Washington, D.C., May 15, 2019 – With manufactured housing producers, retailers and communities offering their best homes (and related consumer protection) ever, and in light of the failure of the ostensible representation of the industry’s post-production sector to fully and effectively advance the marketing, consumer financing and, most importantly, the full acceptance of federally-regulated manufactured housing as the nation’s premiere source of non-subsidized affordable housing and homeownership, the Manufactured Housing Association for Regulatory Reform (MHARR) has launched a new project and initiative to fight selected, especially egregious instances of discriminatory and exclusionary zoning targeting manufactured housing and manufactured housing consumers.

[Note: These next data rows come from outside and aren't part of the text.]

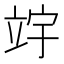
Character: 𫁢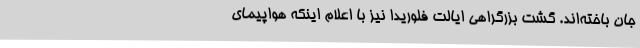
جان باخته‌اند. گشت بزرگراهی ایالت فلوریدا نیز با اعلام اینکه هواپیمای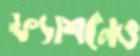
ফ্যাশনেও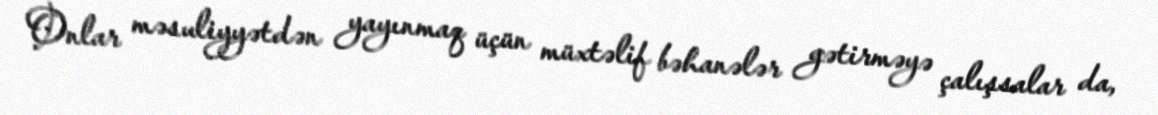
Onlar məsuliyyətdən yayınmaq üçün müxtəlif bəhanələr gətirməyə çalışsalar da,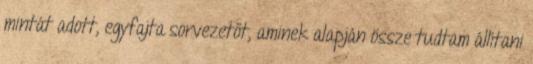
mintát adott, egyfajta sorvezetőt, aminek alapján össze tudtam állítani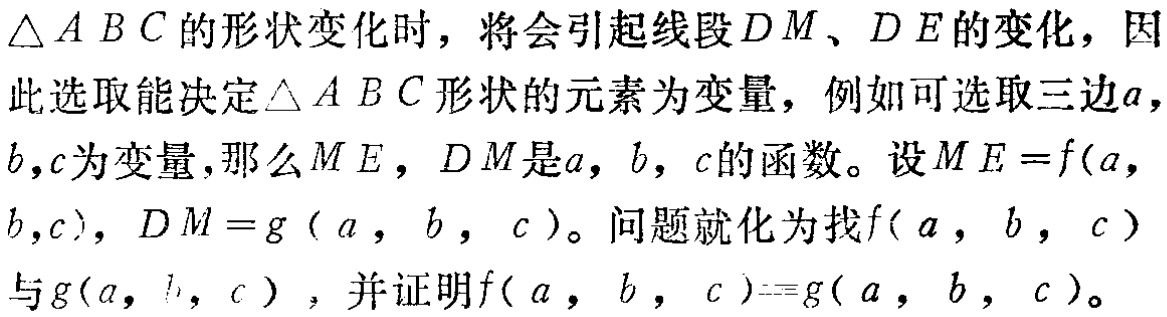
$\triangle ABC$的形状变化时，将会引起线段$DM$、$DE$的变化，因此选取能决定$\triangle ABC$形状的元素为变量，例如可选取三边$a,$
$b,c$为变量,那么$ME$，$DM$是$a$，$b$，$c$的函数。设$ME = f(a,$
$b,c)$，$DM = g ( a , b , c )$。问题就化为找$f( a , b , c )$
与$g(a, b, c )$，并证明$f( a , b , c )=g( a , b , c )$。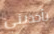
تأخذيني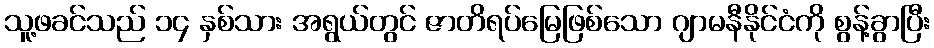
သူ့ဖခင်သည် ၁၄ နှစ်သား အရွယ်တွင် ဇာတိရပ်မြေဖြစ်သော ဂျာမနီနိုင်ငံကို စွန့်ခွာပြီး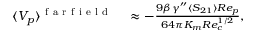
\begin{array} { r l } { \langle V _ { p } \rangle ^ { \mathrm { ~ f ~ a ~ r ~ f ~ i ~ e ~ l ~ d ~ } } } & { { } \approx - \frac { 9 \beta \gamma ^ { \prime \prime } \langle S _ { 2 1 } \rangle R e _ { p } } { 6 4 \pi K _ { m } R e _ { c } ^ { 1 / 2 } } , } \end{array}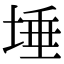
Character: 埵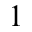
^ 1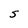
Character: S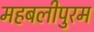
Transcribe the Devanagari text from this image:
महबलीपुरम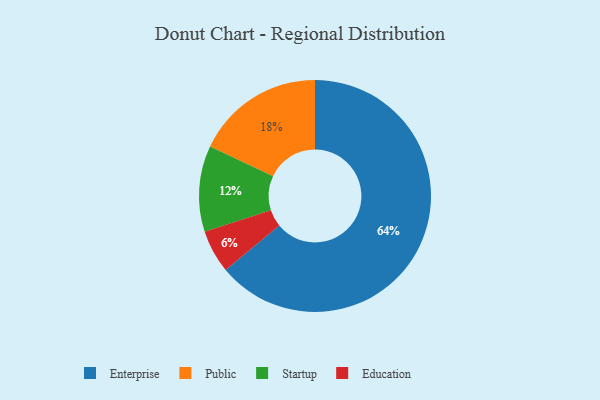
{"axis": {"x": "Category", "y": "Percentage"}, "legend": ["Education", "Enterprise", "Public", "Startup"], "data": [{"x": "Education", "y": 6, "type": "Education"}, {"x": "Startup", "y": 12, "type": "Startup"}, {"x": "Public", "y": 18, "type": "Public"}, {"x": "Enterprise", "y": 64, "type": "Enterprise"}]}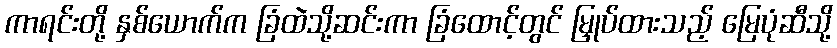
ကာရင်းတို့ နှစ်ယောက်က ခြံထဲသို့ဆင်းကာ ခြံထောင့်တွင် မြှုပ်ထားသည့် မြေပုံဆီသို့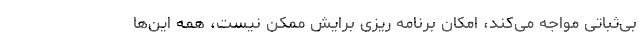
بی‌ثباتی مواجه می‌کند، امکان برنامه ریزی برایش ممکن نیست، همه این‌ها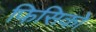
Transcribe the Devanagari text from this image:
फिसिको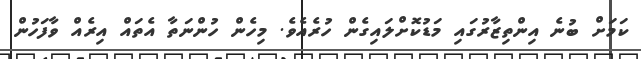
ކަމަށް ބުނެ އިންތިޒާރުގައި މަޑުކޮށްލައިގެން ހުރެއެވެ. މިހެން ހުންނަތާ އެތައް އިރެއް ވާފަހުން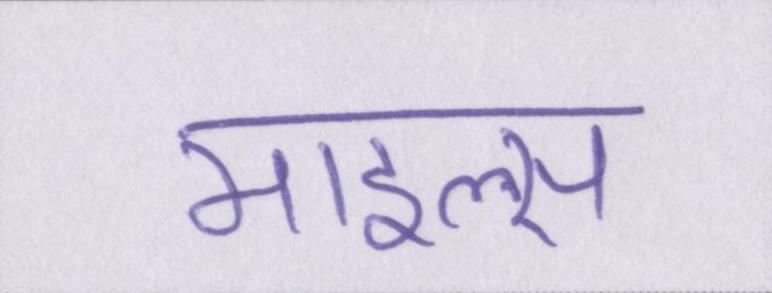
माइल्स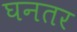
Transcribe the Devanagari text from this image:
घनतर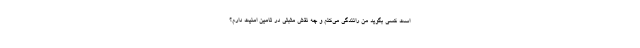
است کسی بگوید من رانندگی می‌کنم و چه نقش مثبتی در تامین امنیت دارم؟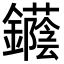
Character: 𨯛

This “Fighting Discriminatory Zoning Mandates” project is the first substantive step being taken by MHARR to implement a decision of the MHARR Board of Directors, at its March 2019 meeting, to take the lead in addressing three major post-production sector issues that have stifled the growth and expansion of the manufactured housing industry and its ability to serve even greater numbers of lower and moderate-income American consumers. These three issues are: (1) discriminatory zoning restrictions; (2) placement exclusions; and (3) increasing the availability of manufactured home consumer lending pursuant to the Housing and Economic Recovery Act of 2008 (HERA).

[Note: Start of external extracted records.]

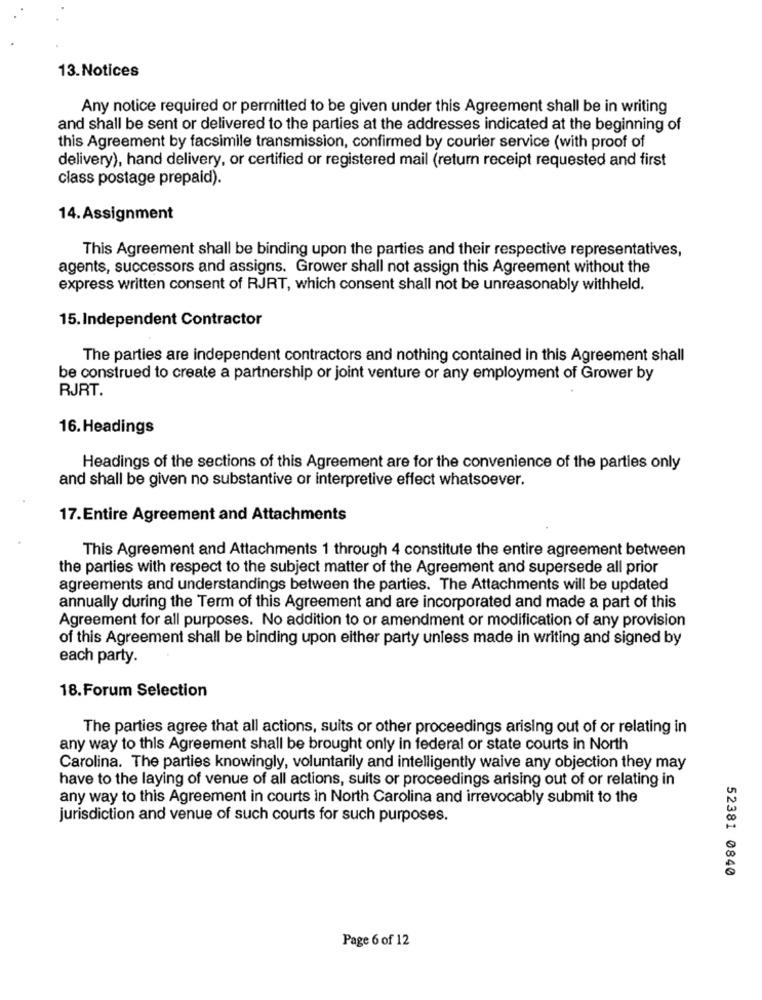
13.Notices
Any notice required or permitted to be given under this Agreement shall be in writing
and shall be sent or delivered to the parties at the addresses indicated at the beginning of
this Agreement by facsimile transmission, confirmed by courier service (with proof of
delivery), hand delivery, or certified or registered mail (return receipt requested and first
class postage prepaid).
14.Assignment
This Agreement shall be binding upon the parties and their respective representatives,
agents, successors and assigns. Grower shall not assign this Agreement without the
express written consent of RJRT, which consent shall not be unreasonably withheld.
15. Independent Contractor
The parties are independent contractors and nothing contained in this Agreement shall
be construed to create a partnership or joint venture or any employment of Grower by
RJRT.
16. Headings
Headings of the sections of this Agreement are for the convenience of the parties only
and shall be given no substantive or interpretive effect whatsoever.
17.Entire Agreement and Attachments
This Agreement and Attachments 1 through 4 constitute the entire agreement between
the parties with respect to the subject matter of the Agreement and supersede all prior
agreements and understandings between the parties. The Attachments will be updated
annually during the Term of this Agreement and are incorporated and made a part of this
Agreement for all purposes. No addition to or amendment or modification of any provision
of this Agreement shall be binding upon either party unless made in writing and signed by
each party.
18.Forum Selection
The parties agree that all actions, suits or other proceedings arising out of or relating in
any way to this Agreement shall be brought only in federal or state courts in North
Carolina. The parties knowingly, voluntarily and intelligently waive any objection they may
have to the laying of venue of all actions, suits or proceedings arising out of or relating in
any way to this Agreement in courts in North Carolina and irrevocably submit to the
jurisdiction and venue of such courts for such purposes.
52381 0840
Page 6 of 12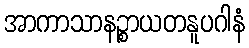
အာကာသာနဉ္စာယတနူပဂါနံ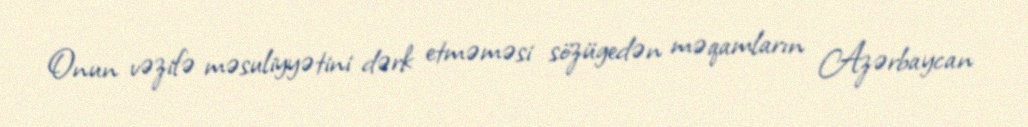
Onun vəzifə məsuliyyətini dərk etməməsi sözügedən məqamların Azərbaycan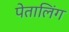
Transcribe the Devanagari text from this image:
पेतालिंग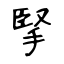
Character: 掔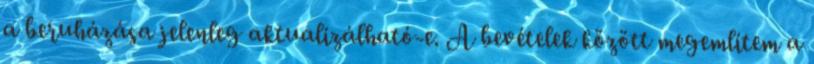
a beruházása jelenleg aktualizálható-e. A bevételek között megemlítem a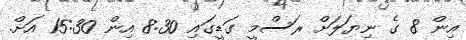
އިން 8 ގެ ނިޔަލަށް ރަސްމީ ގަޑީގައި 8:30 އިން 15:30 އަށް.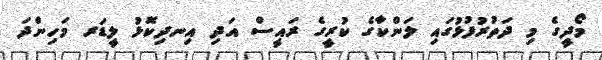
މޯދީގެ މި ދަތުރުފުޅުގައި ލަންކާގެ ކުރީގެ ރައީސް އަދި އިނދިކޮޅު ލީޑަރ މަހިންދަ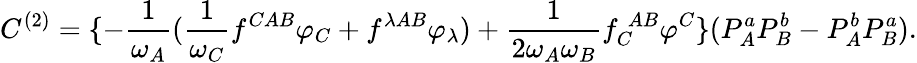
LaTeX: C^{(2)}=\{ -\frac{1}{\omega_{A}}(\frac{1}{\omega_{C}}f^{CAB}\varphi_{C}+f^{\lambda AB}\varphi_{\lambda})+\frac{1}{2\omega_{A}\omega_{B}}f_{C}^{\; AB}\varphi^{C}\} (P_{A}^{a}P_{B}^{b}-P_{A}^{b}P_{B}^{a}).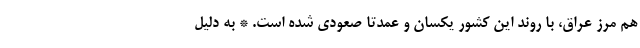
هم مرز عراق، با روند این کشور یکسان و عمدتا صعودی شده است. * به دلیل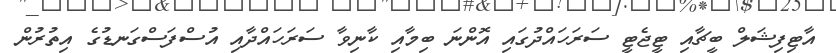
އާޓިފިޝަލް ބީޗާއި ޓީޖެޓީ ސަރަހައްދުގައި އޮންނަ ބިމާއި ކާނިވާ ސަރަހައްދާއި އުސްފަސްގަނޑުގެ އިތުރުން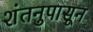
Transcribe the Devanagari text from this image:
शंतनुपासून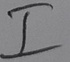
Text: I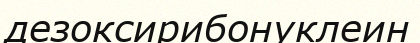
дезоксирибонуклеин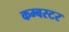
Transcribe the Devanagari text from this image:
कम्बस्टर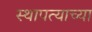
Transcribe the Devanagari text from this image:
स्थापत्याच्या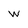
Character: w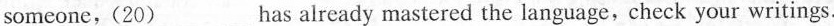
someone,(20)___ has already mastered the language， check your writings.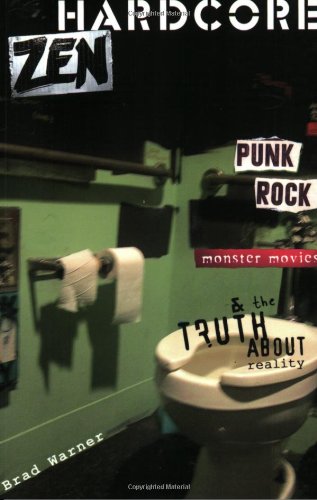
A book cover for Hardcore Zen: Punk Rock, Monster Movies and the Truth About Reality; Brad Warner; Biographies & Memoirs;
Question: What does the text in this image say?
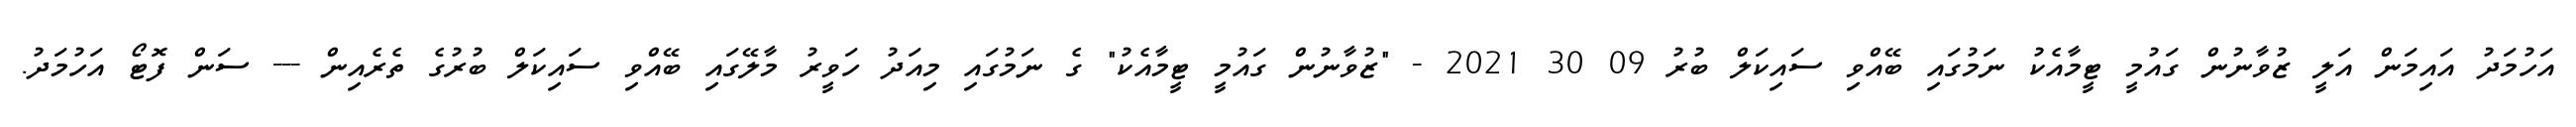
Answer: އަހުމަދު އައިމަން އަލީ ޒުވާނުން ގައުމީ ޓީމާއެކު ނަމުގައި ބޭއްވި ސައިކަލް ބުރު 09 30 2021 - "ޒުވާނުން ގައުމީ ޓީމާއެކު" ގެ ނަމުގައި މިއަދު ހަވީރު މާލޭގައި ބޭއްވި ސައިކަލް ބުރުގެ ތެރެއިން --- ސަން ފޮޓޯ އަހުމަދު.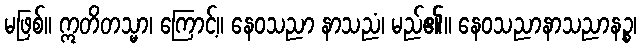
မဖြစ်။ ဣတိတသ္မာ၊ ကြောင့်။ နေဝသညာ နာသညံ၊ မည်၏။ နေဝသညာနာသညာနဉ္စ၊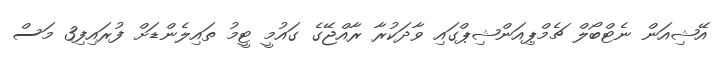
އޭޝިއަން ނެޓްބޯލް ޗެމްޕިއަންޝިޕްގައި ވާދަކުރާ ރާއްޖޭގެ ގައުމީ ޓީމު ތައިލެންޑަށް ފުރައިފި3 މަސް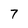
Character: 7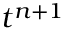
t ^ { n + 1 }

The MHARR zoning project, which is designed to take place in cooperation – and with the assistance of — manufactured housing industry state associations, asks states (see package attached) to cooperate with MHARR in providing, for review, study, analysis and follow-up, the two most egregious instances of exclusionary and/or discriminatory zoning within their respective states – with one involving the development or expansion of a manufactured housing community and the other involving the placement of an individual home on private land.

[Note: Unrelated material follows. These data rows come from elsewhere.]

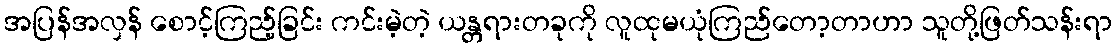
အပြန်အလှန် စောင့်ကြည့်ခြင်း ကင်းမဲ့တဲ့ ယန္တရားတခုကို လူထုမယုံကြည်တော့တာဟာ သူတို့ဖြတ်သန်းရာ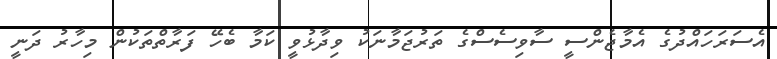
އެސަރަހައްދުގެ އެމާޖެންސީ ސާވިސެސްގެ ތަރުޖަމާނަކު ވިދާޅުވީ ކަމާ ބެހޭ ފަރާތްތަކުން މިހާރު ދަނީ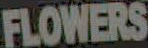
FLOWERS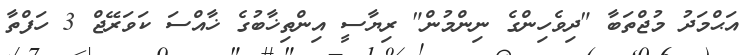
އަޙްމަދު މުޖްތަބާ "ދިވެހިންގެ ނިންމުން" ރިޔާސީ އިންތިޚާބުގެ ޚާއްސަ ކަވަރޭޖް 3 ހަފްތާ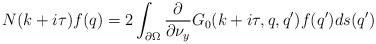
LaTeX: \begin{align*} N(k + i \tau)f(q) = 2 \int_{\partial\Omega}\frac{\partial}{\partial \nu_y} G_0(k + i \tau, q, q')f(q') ds(q')\end{align*}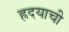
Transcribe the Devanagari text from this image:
ह्रदयाची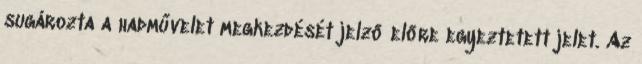
sugározta a hadművelet megkezdését jelző előre egyeztetett jelet. Az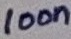
Text: 100n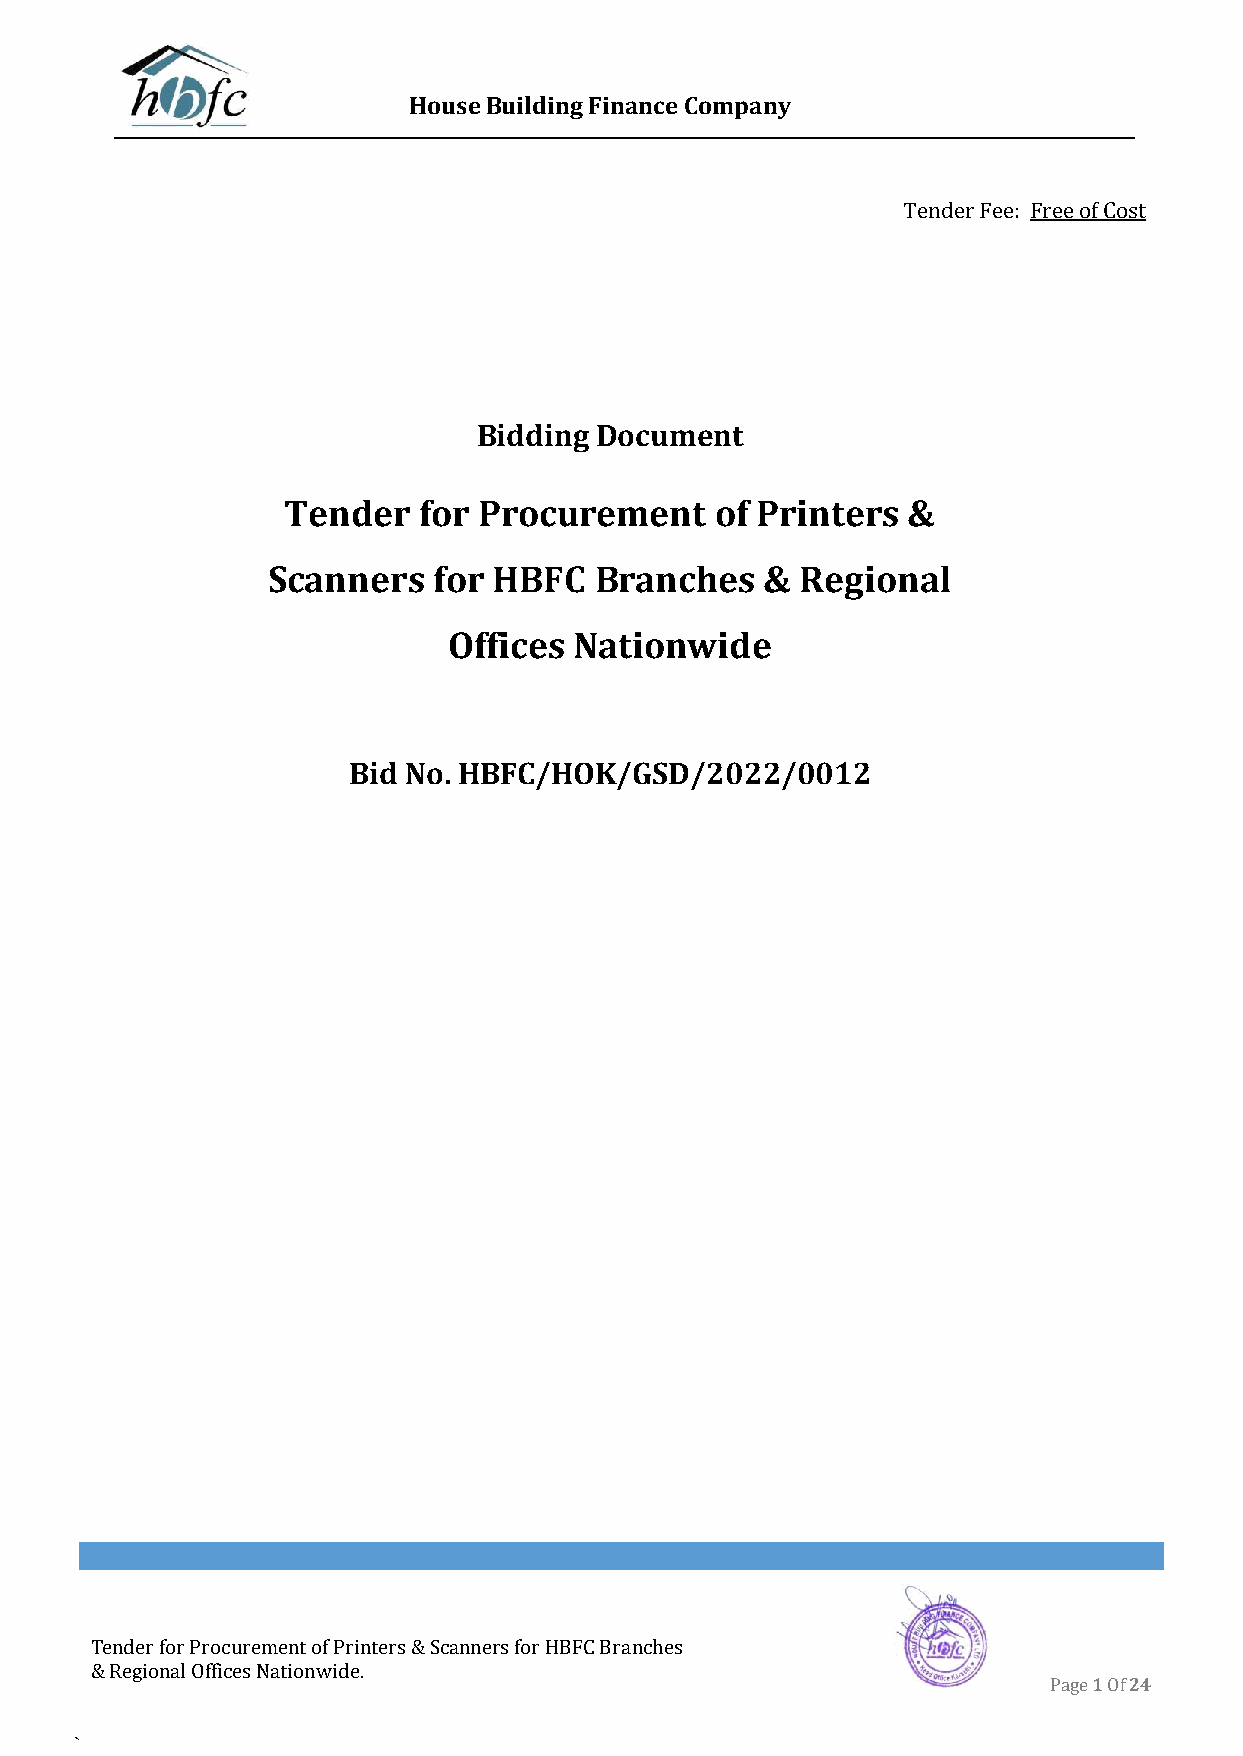
House Building Finance Company
 Tender Fee: Free of Cost
 Bidding Document
 Tender   for Procurement    of Printers  &
 Scanners   for HBFC  Branches    & Regional
 Offices Nationwide
 Bid No. HBFC/HOK/GSD/2022/0012
 Tender for Procurement of Printers & Scanners for HBFC Branches
 & Regional Offices Nationwide.
 Page 1 Of 24
 `

MHARR’s plans include, among other things, selecting several instances of each type of discrimination/exclusion, which will then be fully vetted and analyzed. MHARR will subsequently select one instance of each type of discrimination (i.e., community and single-home/landowner) and then begin to advance these matters to the highest necessary and appropriate court (either state or federal).
In Washington, D.C., MHARR President and CEO, Mark Weiss, stated: “Nearly twenty years after Congress adopted the enhanced federal preemption of the Manufactured Housing Improvement Act of 2000, smaller industry businesses and consumers have waited long enough for a resolution of the discriminatory zoning restrictions and exclusions that, for far too many, have slammed shut the door on the American Dream of home ownership.” Weiss continued, “Against the backdrop of a longstanding defacto leadership vacuum on this and other crucial matters, MHARR will seek to appeal to the moral compass of every industry member to join-in and support this effort, much the same as occurred in the 1990s, when MHARR’s leadership brought the industry together to modernize the original 1974 federal ‘trailer’ law and cement the status of manufactured homes as legitimate ‘housing’ through the Manufactured Housing Improvement Act of 2000.”
The Manufactured Housing Association for Regulatory Reform is a Washington, D.C.-based national trade association representing the views and interests of independent producers of federally-regulated manufactured housing.